– Извини.

Фома в короткой жестикуляции образно показал, где он видит мои извинения и куда я их могу себе засунуть.

– Здесь женщины, – краснея, намекнул я.

Баба‑яга и Олёна одинаково смиренно подняли очи к потолку, делая вид, что в упор не замечают, что разобиженный сотник думает о них конкретно, о всём женском поле в целом, о нашем отделении и его руководстве, о государственной политике, царе, а также… Фома размахивал руками, как сумасшедший широколопастный вентилятор из Южной Кореи, пока попросту не устал и не рухнул обратно на скамейку.

– В‑вот оно как… а в‑вы всё д‑дра‑азни‑тесь, – укоризненно заключил Заикин, обмахивая его платочком.

– И… давно это? – Я уже понял, к кому обращаться.

Стрелец вздохнул и пояснил:

– Да со‑о‑о вчерашн‑н…ей ночи. М‑мы‑то до‑о‑зором шли, а о‑о‑о…

– Он?

– Он! О‑о‑он‑то у за‑забора си‑идел и н‑не в себе, ка‑а‑к… как будто у‑у‑ви‑и…

– Увидел кого‑то? И это его так напугало, что он голоса лишился?!

Фома решительно вмешался, всё так же мимикой и жестами доказывая, что ни хрена он не испугался, а просто был шокирован. Стрельцы проводили его домой, он выпил стопочку и уснул, но голос наутро так и не вернулся.

Я строго взглянул на бабку.

– А с чего же я‑то, старая, крайней стала? Подумаешь, в лягушку обернула на часок… От этого небось ещё ни у кого голос не пропадал. И не смотри на меня так, участковый, не виноватая я!

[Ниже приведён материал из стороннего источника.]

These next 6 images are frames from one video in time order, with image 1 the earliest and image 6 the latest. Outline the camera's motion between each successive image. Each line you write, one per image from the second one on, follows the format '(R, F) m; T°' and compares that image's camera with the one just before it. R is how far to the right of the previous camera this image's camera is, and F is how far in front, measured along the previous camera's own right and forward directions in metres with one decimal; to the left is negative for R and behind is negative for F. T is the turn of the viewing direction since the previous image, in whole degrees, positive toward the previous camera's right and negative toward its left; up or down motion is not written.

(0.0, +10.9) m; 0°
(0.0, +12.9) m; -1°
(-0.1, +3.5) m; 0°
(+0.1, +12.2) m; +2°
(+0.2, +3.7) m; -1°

– Ладно, учтём, – для виду пришлось согласиться мне. – В конце концов, Митю вы превращали не раз, меня тоже… было… Но фактов потери речи не имелось. Фома, а чего ты там, собственно, такого увидел?

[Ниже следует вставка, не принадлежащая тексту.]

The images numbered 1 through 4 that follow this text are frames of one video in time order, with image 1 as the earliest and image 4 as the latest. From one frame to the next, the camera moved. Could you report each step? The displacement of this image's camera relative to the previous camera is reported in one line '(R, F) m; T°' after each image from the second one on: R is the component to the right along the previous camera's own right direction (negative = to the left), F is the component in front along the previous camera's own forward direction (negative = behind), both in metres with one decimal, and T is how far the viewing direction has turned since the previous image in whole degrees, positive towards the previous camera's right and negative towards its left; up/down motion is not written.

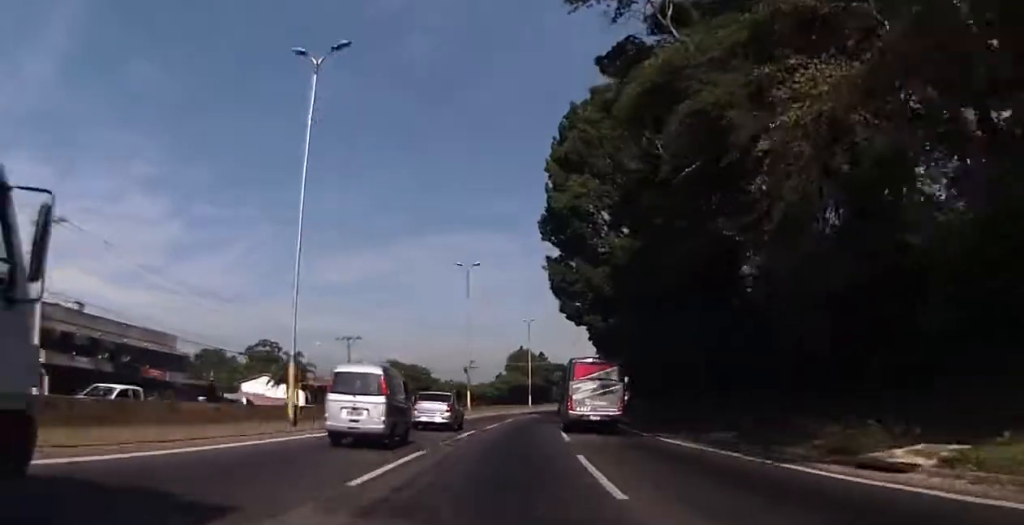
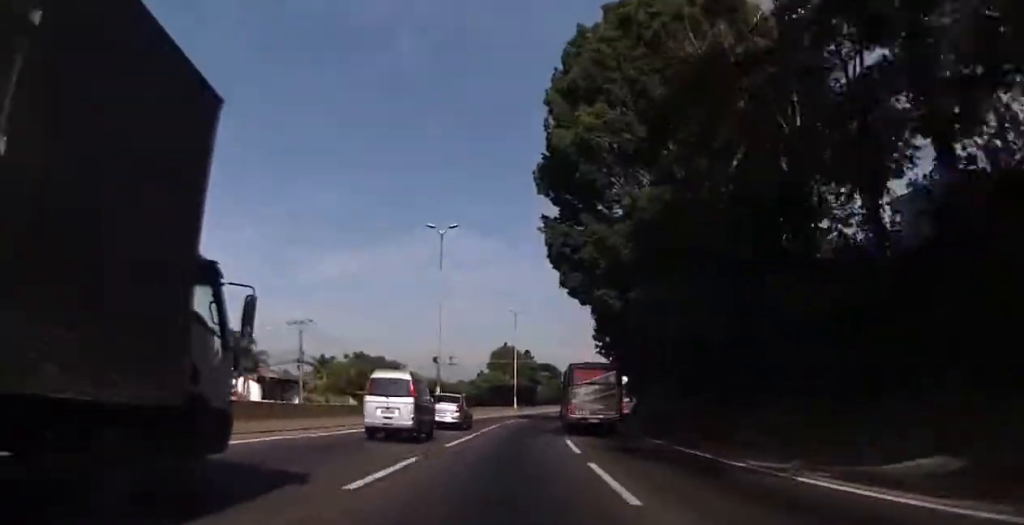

Сотник растерянно пожал плечами.

– И… н‑не‑э по‑о‑о‑мн…

– Понял, понял. – Поспешив заткнуть рот Заикину, я опять обернулся к Яге: – Бабуль, исключительно в целях чистого эксперимента – одну срочную экспертизу можно?

– Переполох, что ль, вылить? – бодренько вскинулась она. – Дело нехитрое, отчего же нет‑то… Чай, уж Фома Силыч нам человек не посторонний небось, поглядим – поможем, по мере умишка да мощей старческих…

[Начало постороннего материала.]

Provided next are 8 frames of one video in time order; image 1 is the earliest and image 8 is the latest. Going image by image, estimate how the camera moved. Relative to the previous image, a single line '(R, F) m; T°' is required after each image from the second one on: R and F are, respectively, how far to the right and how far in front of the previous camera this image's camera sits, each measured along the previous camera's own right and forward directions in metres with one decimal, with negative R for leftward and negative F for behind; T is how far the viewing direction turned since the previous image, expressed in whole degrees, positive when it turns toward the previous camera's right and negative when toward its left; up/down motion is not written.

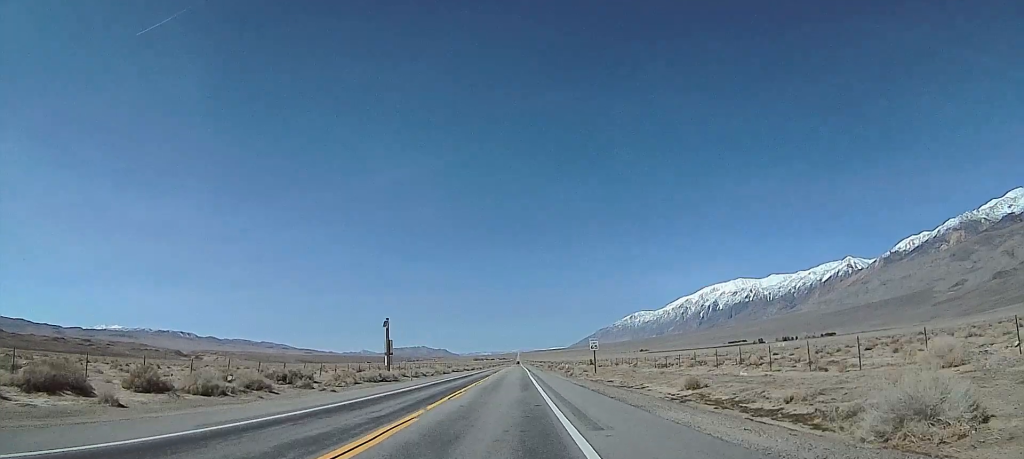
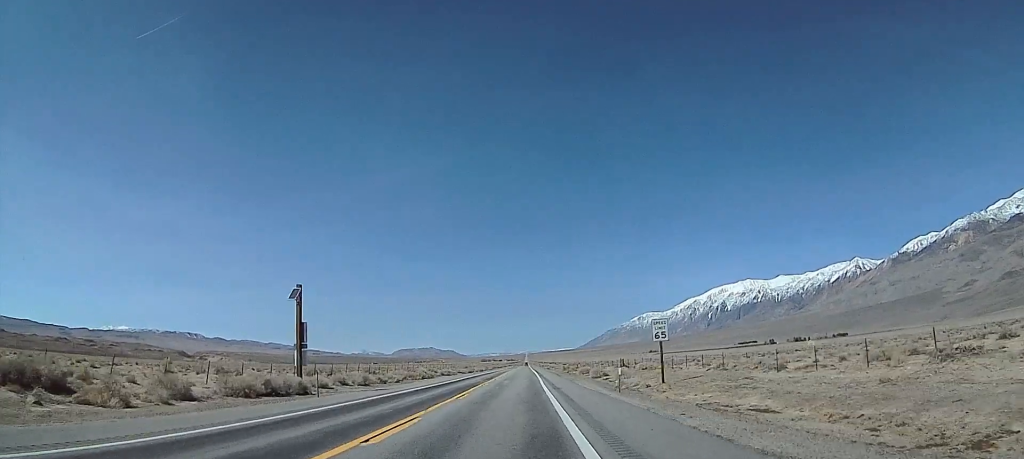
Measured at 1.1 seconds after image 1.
(0.0, +32.9) m; 0°
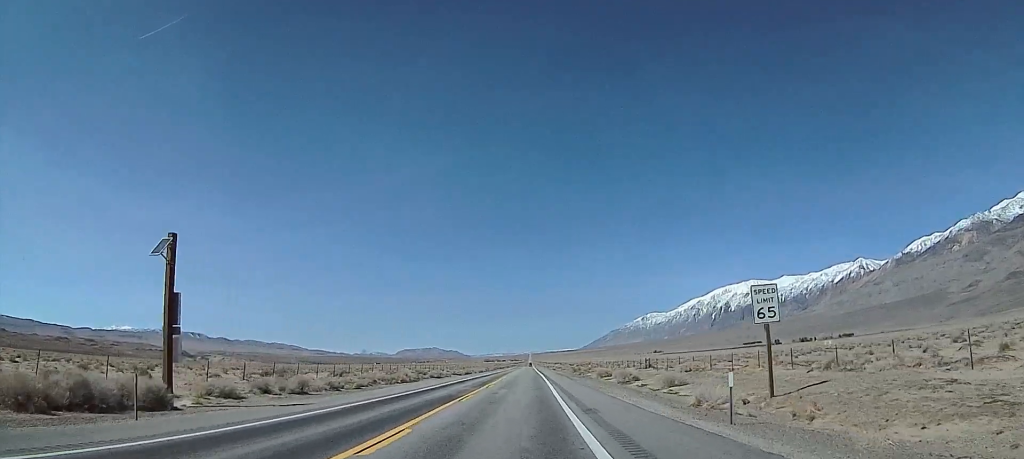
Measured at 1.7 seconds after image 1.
(0.0, +17.6) m; 0°
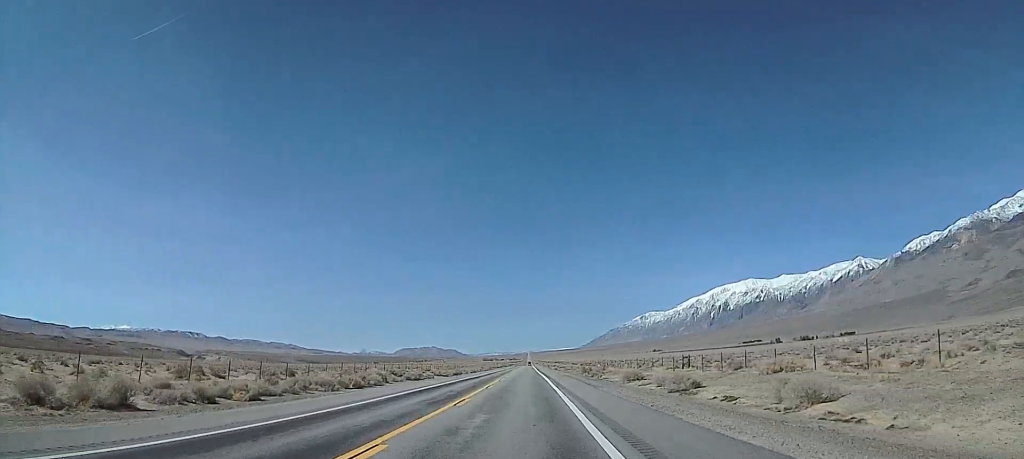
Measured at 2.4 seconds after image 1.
(0.0, +19.3) m; 0°
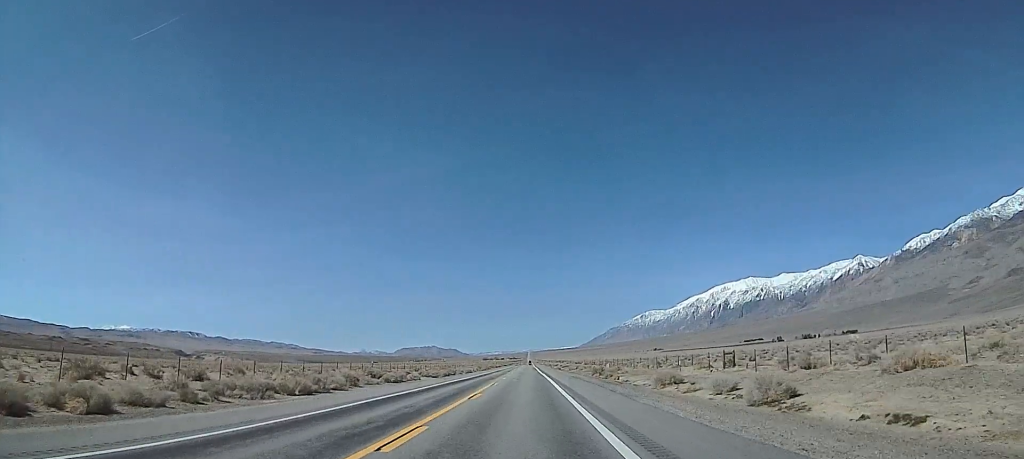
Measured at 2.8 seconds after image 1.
(0.0, +12.2) m; 0°
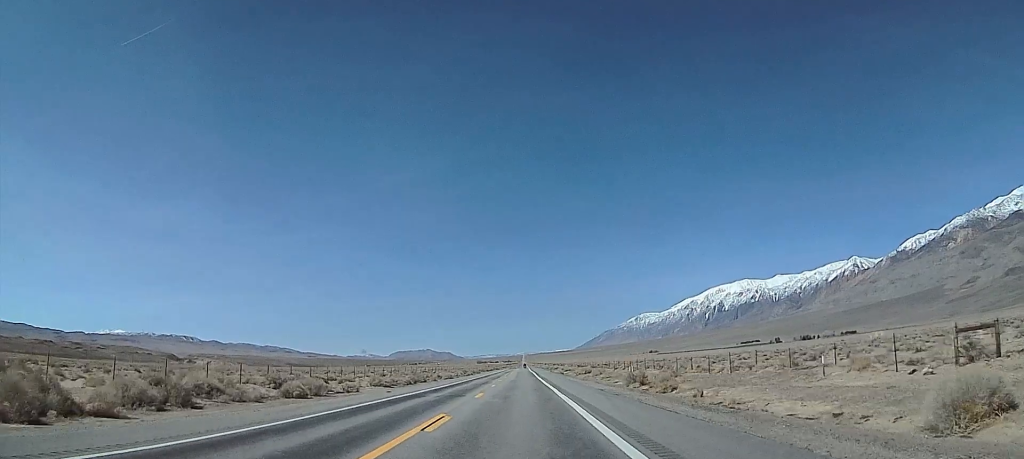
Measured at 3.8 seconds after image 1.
(0.0, +26.9) m; -1°
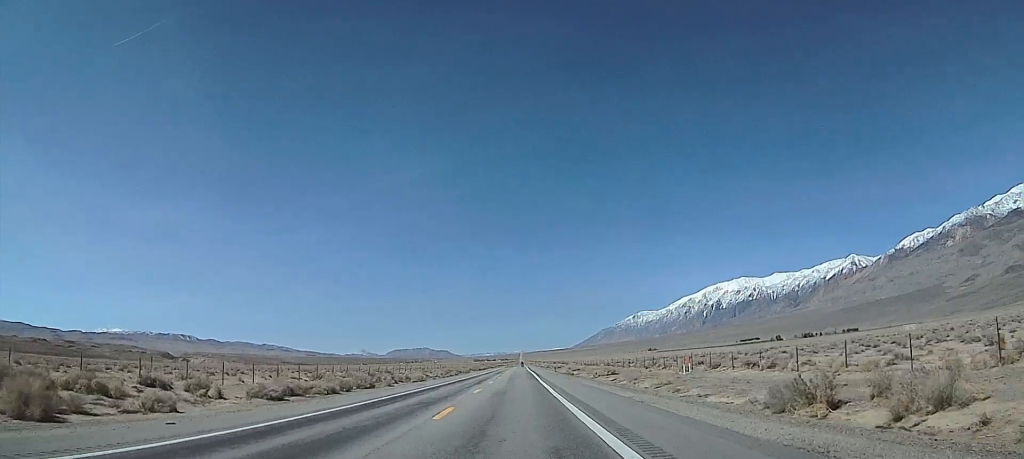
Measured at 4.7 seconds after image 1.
(-0.4, +26.6) m; -1°
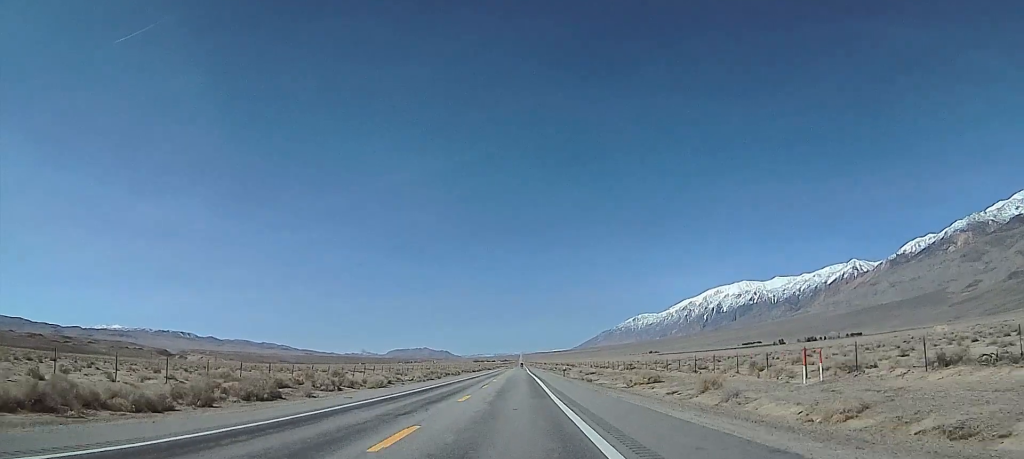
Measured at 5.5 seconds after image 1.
(0.0, +21.0) m; 0°

Моя домохозяйка быстро достала нужные ингредиенты, напрягла Назима расплавить в миске свечной воск, усадила пострадавшего поудобнее, что‑то сыпанула в печь и непонятно зачем шуганула даже не приближающуюся к ней Олёну:

– А ты, девка, под руку не лезь! Вона стой, где стоишь, а шевельнуться не думай даже. Я за тобой каждую минуту слежу, без продыху!

Никто ничего не понял, но заступаться тоже не стали, опытному специалисту сейчас слова против сказать нельзя – чародейство штука тонкая… Одна ошибка в заклинании – и прощай, боевой товарищ, мы тебя никогда не забудем, если будешь в раю, и ты нас добрым словом вспомни! Я только обратил внимание, что слова бабка напевала немножко другие, не те, что над Митькой.

Выливается беда, выжигается!

Всё по слову моему пусть решается.

Опрокидывайся в чан,

Скорбь горючая,

Уходи, тоска‑печаль

Неминучая…

Страх‑страх! Отпусти душу, развяжи язык, оставь человека…

И ныне и присно, с начала начал до скончания века!

– А‑а, вспомнил! – В горницу с восторженным воплем вломился дремавший в сенях Митя. – Ещё на тётку Матрёну жаловались возчики разные! Дескать, капустою, что она в трактир бочками катит, приличному гражданину и водку закусить невозможно – сплошное сортирное разочарование! И не я им это подсказал, а… А чего это вы тут все на меня такие серьёзные?!